Information Resources - Computer facilities, electronic media, communications networks, software programs of all types, administrative and academic systems, hardware of all types and data. These information resources include, but are not limited to, on-line and batch administrative and academic systems and applications, application software, operating system software, operating support software, security software, data files and databases, mainframe, mini, micro or personal computers, printers, data storage devices and media, video monitors, communications controllers, monitoring equipment, modems, transmission media of all types, gateways, networks (local area, backbone, wide area, etc.) and networks used to communicate to other state, national, and international computerized resources.

Data - Any and all information, regardless of form, that is contained in or processed by the University's information resources.

Data Custodians and LAN Coordinators - Individuals delegated by University management to provide the means for controlling the information resources within their units. Data Custodians are responsible for authorizing access and LAN Coordinators are responsible for administering access.

Computer virus - A computer program that destroys or alters data.

RACF - Resource Access Control Facility.

ISPF - Interactive System Productivity Facility.

NVAS - NetView Access Services.

TSO - Time Sharing Option.

SYSM - Product to support e-mail.

E-mail - Electronic Mail.

Access and Security

The intent of this policy is to ensure the confidentiality, availability, and integrity of University data; reduce the risk of data loss by accidental or intentional modification, disclosure or destruction; prevent the unauthorized use of information for commercial gain or malicious purposes; and to preserve the University's rights and remedies in the event of such a loss. Each individual in the University community is responsible for understanding this policy and complying with its terms.

Criteria

The University will exercise information resource security precautions based on the following criteria:

1. Sound business judgment.
2. The value of the information resources being protected.
3. The risk associated with the protected data.

Implementation

Specific precautions and resulting standards and procedures shall be consistent with, and conform to, this policy and the University Policy Manual.
The University will implement information resource security precautions in such a way as to:

1. Hold individuals accountable for their use of University information resources.
2. Authorize access to information resources on a need-to-know basis; access will be granted only to that set of resources necessary to accomplish authorized endeavors.
3. Ensure the timely recovery of data and provide appropriate back-up processing capabilities in the event of a loss.

Access

Information Systems reserves the right to deny any request, restrict access or remove a person's account for reasons of data security or failure to comply with the policies and procedures of the University. By issuing an account for an individual, Information Systems is not implying that the person should have access to any application, transaction or data on any given computer system(s). Such access must further be granted by the custodian of the application, transaction or data. (See Section 5.0)

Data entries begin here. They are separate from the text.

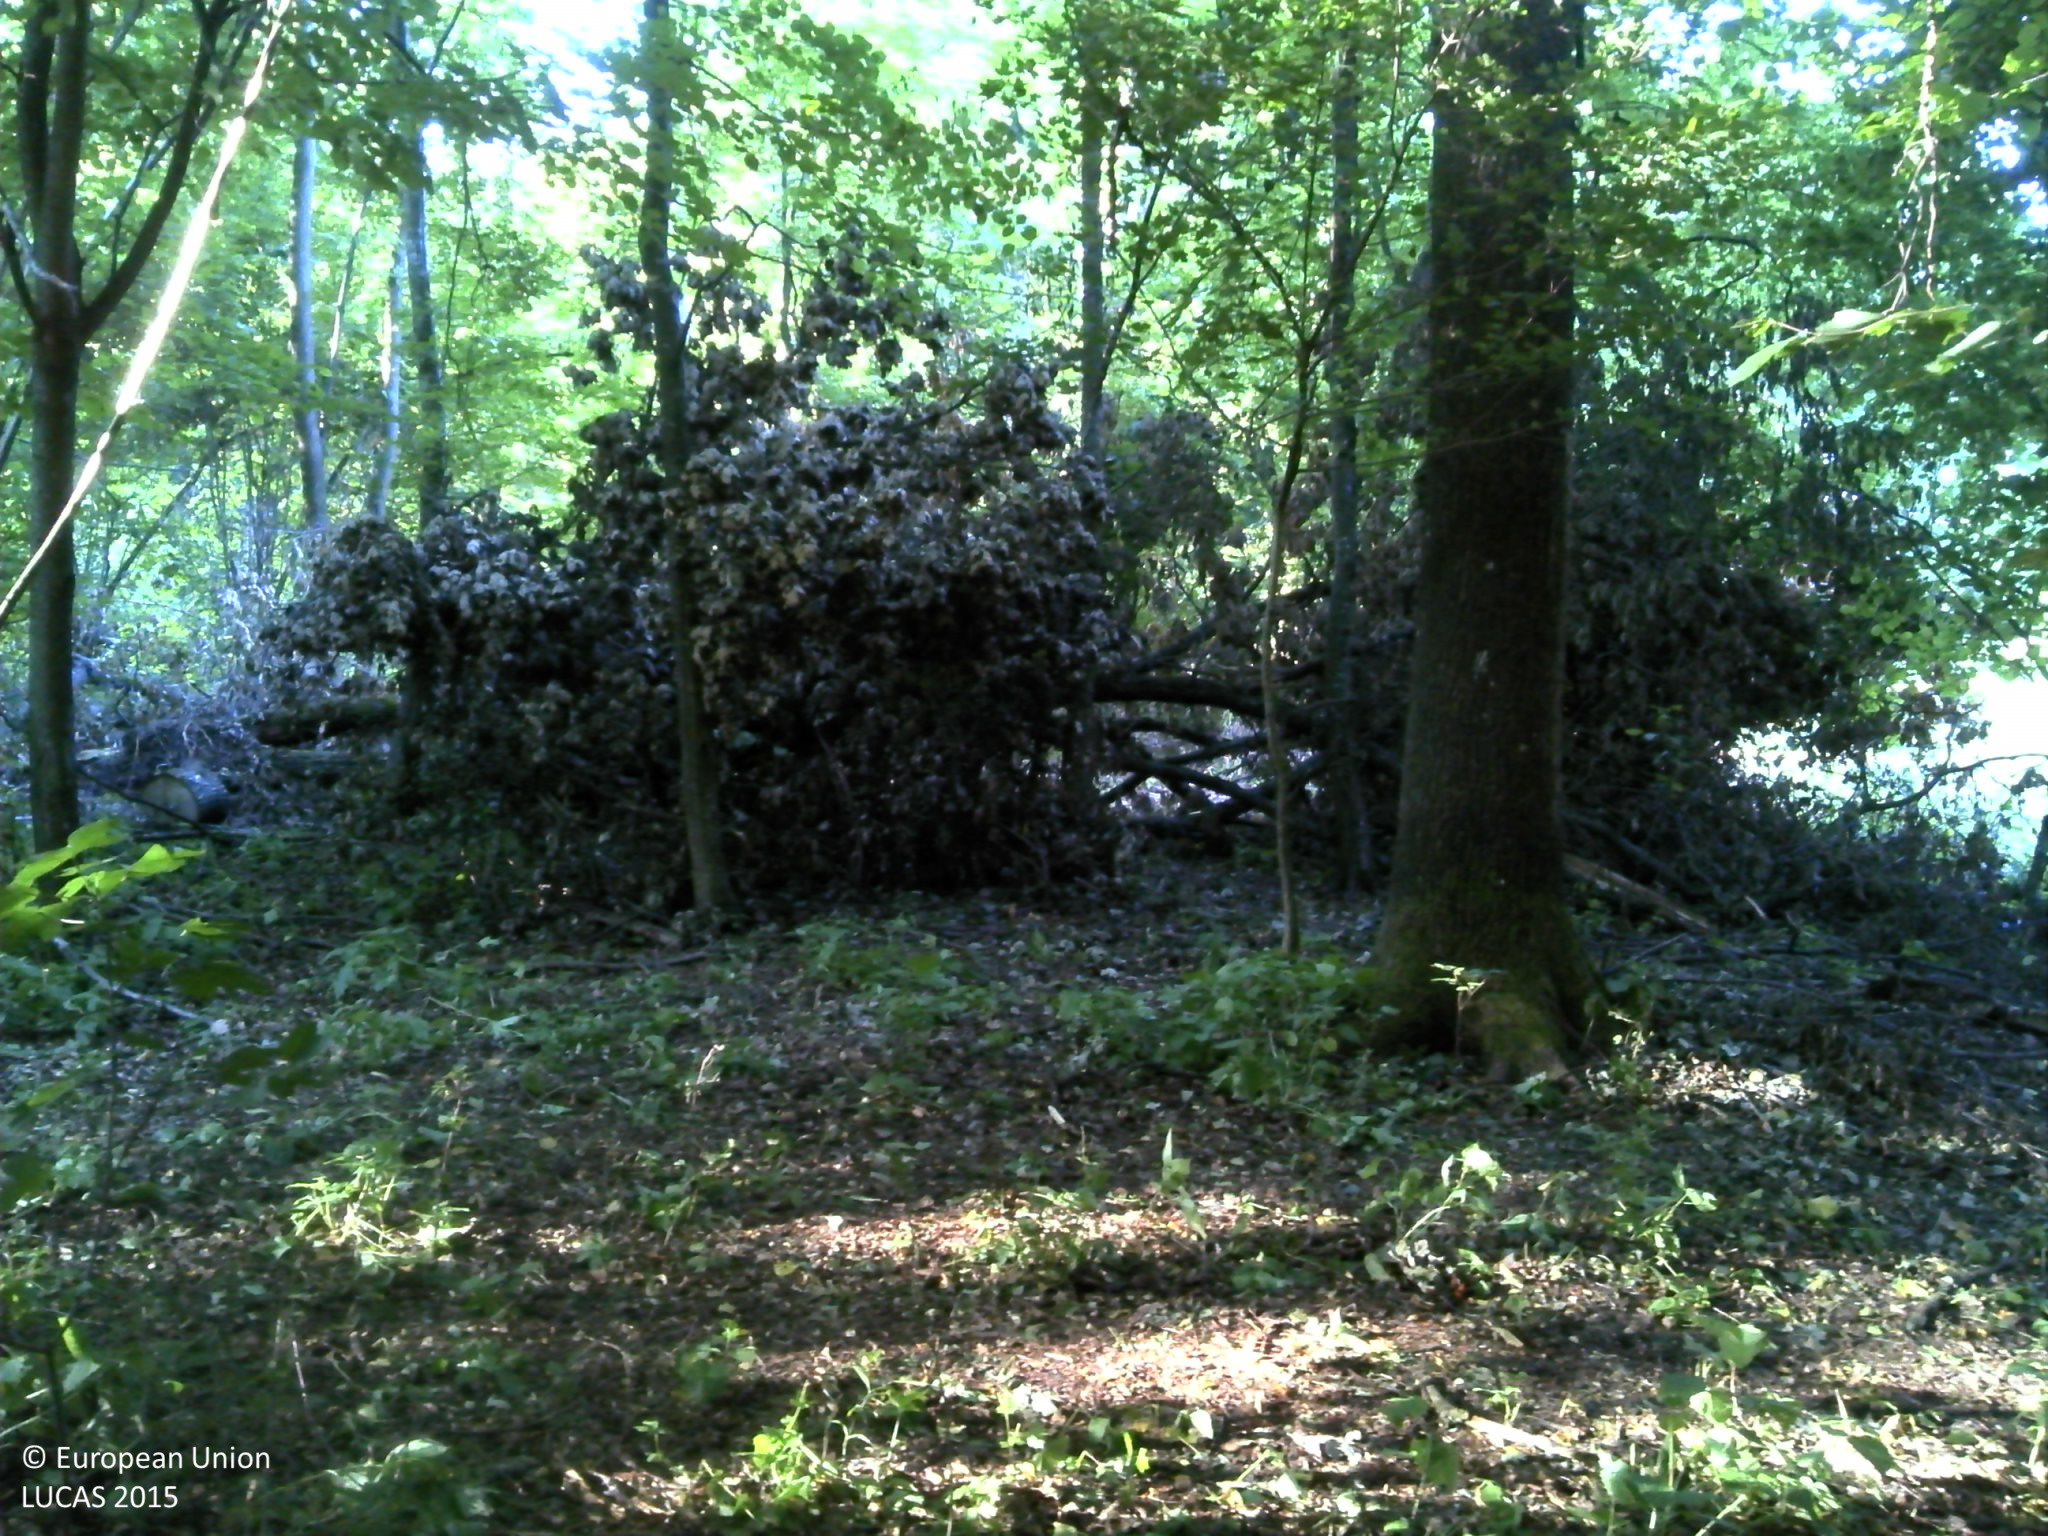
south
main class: Woodland
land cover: Broadleaved woodland
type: acidophilous oak and oak-birch forest
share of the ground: > 75 %
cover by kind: broadleaved forest trees 90 %, shrubs 5 %, herbaceous plants 5 %
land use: Forestry
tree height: > 5 m
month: July
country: HR
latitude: 45.9915
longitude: 16.7785

The following individuals will be permitted to have user accounts on the computer systems maintained by Information Systems, provided that they complete the appropriate application:

Faculty, Staff, and Students

Full or part-time faculty, staff and students of the University will be permitted to have accounts on Illinois State computer systems as long as they maintain their status as employees or students.

Faculty, Staff and Students Affiliated with Other Institutions

Any faculty, staff and students affiliated with another academic institution, working in collaboration with a faculty or staff member of Illinois State, may request an account. That request must be in writing on the Project Number Request Form (Appendix J) initiated by the Illinois State faculty or staff member. Each application will be reviewed and approval or disapproval noted on the form.

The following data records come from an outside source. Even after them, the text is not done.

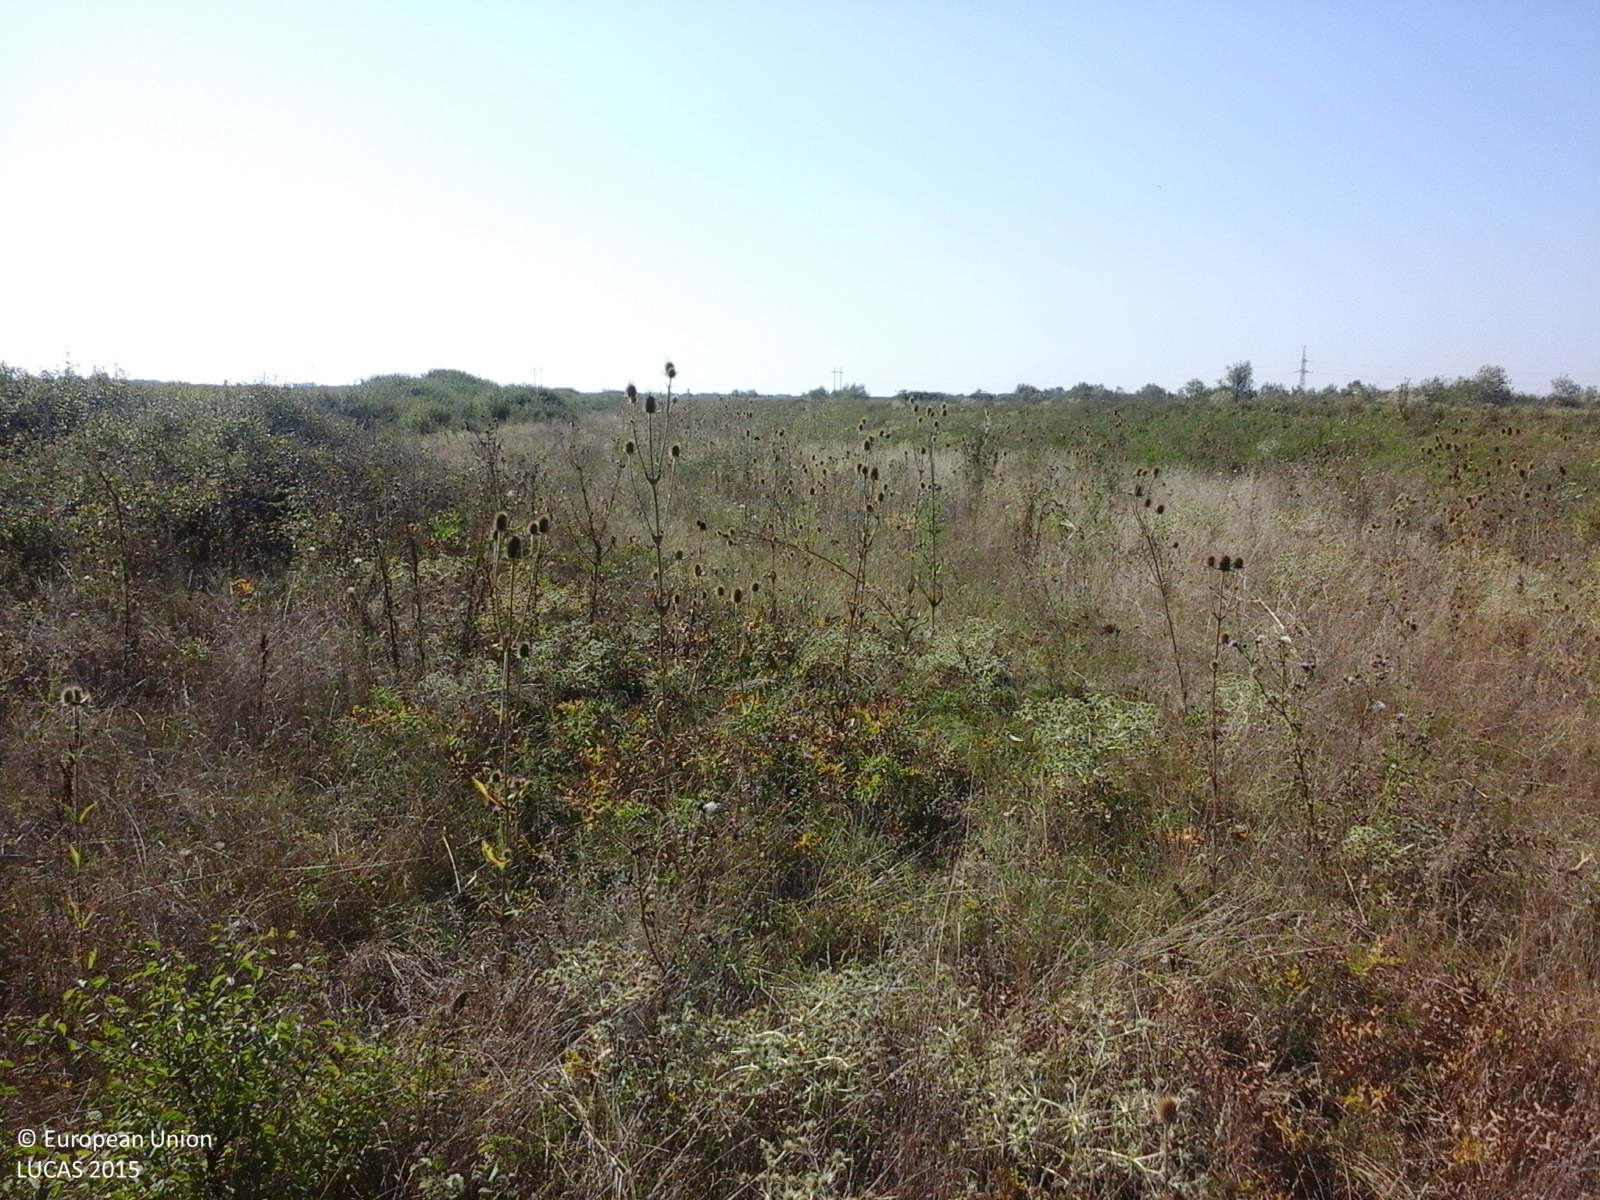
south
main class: Shrubland
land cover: Shrubland without tree cover
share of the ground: > 75 %
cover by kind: shrubs 95 %, herbaceous plants 5 %
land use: Semi-natural and natural areas not in use
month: August
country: RO
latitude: 45.6705
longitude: 21.3663

Emeritus Faculty and Retired Administrative/Professional

Emeritus faculty and retired Administrative/Professional personnel of Illinois State may have an account if the request is submitted to and approved by the Provost's Office.

Civil Service Staff

Retired Civil Service staff of Illinois Statemay have an account if the request is submitted to and approved by the Office of Human Resources.

Contracted Employees, Vendors and Commercial Accounts

Access will be granted, on a case-by-case basis, by the faculty or staff member associated with Illinois State.

Responsibilities for University Information Resource Security

It is the responsibility of all members of the University community to protect its information assets. Specific responsibilities are listed below.

Individuals

Individuals who use University information resources are responsible for adhering to all policies, standards, and procedures for securing data, including the following:

1. Maintaining data confidentiality.
2. Maintaining the confidentiality of data security controls and passwords.
3. Reporting to management any suspected security violations.
4. Executing a confidentiality or ownership agreement, if requested by the University.
5. Accessing and using only that information which is authorized by management
6. Using Internet resources in accordance with "Guidelines for Appropriate Use of the Internet.”

Data Security Administrator

The Data Security Administrator shall be an ex-officio member of the University Computing Policy Committee. It is the responsibility of the Data Security Administrator to:

1. Administer University policy with regard to information resource access and security.
2. Develop standards and procedures to maintain compliance with all University policies related to information resource access and security.
3. Coordinate access to data resources with Data Custodians.
4. Review data security reports and security processes.
5. Work with LAN Coordinators and other staff to ensure computer resource equipment is physically secure.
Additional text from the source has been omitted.